However, dissatisfaction with this situation led some in the medical field, like French surgeon René Leriche, to propose innovative treatments during WWI. Leriche suggested first treating chronic pain patients with local injections of large amounts of procaine, a precursor of cocaine. If pain relief was achieved, the injections could be repeated over long periods, often resulting in remission.
In the 1960s, pain became a dedicated field of medicine, marked by the emergence of specialized research journals and associations like the International Association for the Study of Pain in the 1970s.
The 1980s saw debates on the incidence of addictive behaviour associated with opioids, yet they saw widespread use for long-term pain treatment. In 1982, the World Health Organization introduced guidelines for physicians, recommending a regular schedule of analgesics from nonsteroidal anti-inflammatory drugs to weak opiates like codeine, reserving strong opiates to the strongest forms of pain.
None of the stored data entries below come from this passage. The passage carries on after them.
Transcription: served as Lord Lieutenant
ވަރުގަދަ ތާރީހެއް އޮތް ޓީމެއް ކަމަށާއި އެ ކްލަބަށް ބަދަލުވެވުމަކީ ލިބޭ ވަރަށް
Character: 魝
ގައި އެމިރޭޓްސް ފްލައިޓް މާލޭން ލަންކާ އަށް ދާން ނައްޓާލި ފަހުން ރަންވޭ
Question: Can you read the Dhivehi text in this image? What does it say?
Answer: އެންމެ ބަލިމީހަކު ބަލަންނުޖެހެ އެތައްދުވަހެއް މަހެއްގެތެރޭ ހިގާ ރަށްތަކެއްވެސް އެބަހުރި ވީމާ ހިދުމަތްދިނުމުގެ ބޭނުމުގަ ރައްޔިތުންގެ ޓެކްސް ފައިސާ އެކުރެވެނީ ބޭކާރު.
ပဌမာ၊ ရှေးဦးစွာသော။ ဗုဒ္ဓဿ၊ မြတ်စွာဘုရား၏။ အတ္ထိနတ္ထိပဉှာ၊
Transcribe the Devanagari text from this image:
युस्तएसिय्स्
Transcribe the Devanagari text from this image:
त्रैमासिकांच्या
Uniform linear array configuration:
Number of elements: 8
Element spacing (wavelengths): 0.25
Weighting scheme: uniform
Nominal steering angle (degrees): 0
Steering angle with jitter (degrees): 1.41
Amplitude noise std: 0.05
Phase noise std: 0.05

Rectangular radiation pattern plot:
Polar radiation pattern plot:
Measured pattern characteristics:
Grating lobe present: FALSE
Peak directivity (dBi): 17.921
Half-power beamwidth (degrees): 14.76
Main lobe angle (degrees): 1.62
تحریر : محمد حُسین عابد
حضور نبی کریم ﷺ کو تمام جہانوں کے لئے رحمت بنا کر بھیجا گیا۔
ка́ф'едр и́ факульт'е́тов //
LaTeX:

Over the last 30 years, adjunct therapies to opioids for treating chronic pain came to prominence, such as cognitive-behavioural therapies, which assumes that "individuals are active information processors able to change the way they think, feel, and believe." These programs have proven effective at improving mood and decreasing pain disability. However, they have also been criticized for shifting the burden onto the patient, requiring them to alter their own cognition and behaviour for pain relief.
Finally, observations of tricyclic antidepressants increasing levels of available norepinephrine were noted to alleviate chronic pain in depressed patients, supposedly by interacting with endorphin-mediated analgesia.
Despite the productivity of recent pain research, the fact remains: No one treatment works universally for every patient, even for pain of the same type and aetiology.
Sources:
Marcia Meldrum, "A Capsule History of Pain Management"
Roger Collier, "A short history of pain management"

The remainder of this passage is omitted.